I did not know that these bees had a type of poison that if a dozen or more sting you, the accumulation of venom would make you faint. Luckily, I did not faint. The doctors continued attending to me, checking my vital signs, asking me questions, speaking to me so that I wouldn’t fall asleep, because it seems that it is dangerous to fall asleep after being stung. Yes, they took a while to take out most, if not all, of the stingers. After they finished, they changed me into a hospital gown and moved me to another bed right there in the emergency unit, where the doctor would constantly pass and touch my feet to check if I was still responsive.
- “I am only checking.”
- “Yes, Doc. I know.”
I was hospitalized and was changed to another bed in the male ward. Every now and then, a nurse would come to read my vital signs, to check in on me. When dawn came, I was served a delicious breakfast. Shortly after, a nurse came to check my vital signs and recorded it. Thereafter, the same doctors that attended to me on the night I entered the emergency unit, came to check on me, and I asked if they were going to release me, and one of the doctors answered stating, “Yes, but after we run other tests.”

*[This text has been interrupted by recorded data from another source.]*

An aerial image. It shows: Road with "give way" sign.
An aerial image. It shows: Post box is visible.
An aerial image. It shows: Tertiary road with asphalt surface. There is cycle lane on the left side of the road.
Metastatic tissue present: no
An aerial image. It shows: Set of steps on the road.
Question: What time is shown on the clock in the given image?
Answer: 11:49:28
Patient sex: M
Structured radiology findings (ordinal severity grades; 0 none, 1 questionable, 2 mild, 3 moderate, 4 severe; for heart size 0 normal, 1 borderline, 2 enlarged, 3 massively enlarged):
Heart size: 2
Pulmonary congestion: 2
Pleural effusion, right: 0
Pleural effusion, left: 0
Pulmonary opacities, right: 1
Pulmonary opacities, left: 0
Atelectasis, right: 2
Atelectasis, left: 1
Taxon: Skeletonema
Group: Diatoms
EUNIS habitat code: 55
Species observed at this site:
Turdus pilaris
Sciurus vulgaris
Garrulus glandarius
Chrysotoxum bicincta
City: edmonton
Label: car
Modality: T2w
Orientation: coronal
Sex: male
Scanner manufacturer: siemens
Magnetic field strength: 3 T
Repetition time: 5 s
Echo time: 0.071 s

Not too long after, two young men brought in an electrogram machine. Two nurses came and conducted an electrogram of my heart. At around midday, I was released. I would like to extend my appreciation for the good service rendered by the doctors and nurses who attended to me. Also, I am very appreciative to the people of my neighborhood, Finca Solana, who saved my life, because if it weren’t for them lighting a fire and smoking the bees away, I would have died. So, I am very thankful to my neighbors from Finca Solana who saved my life and the doctors and nurses from the emergency unit at the Corozal Community Hospital who gave their scientific, professional attention that made it possible for me to still be alive.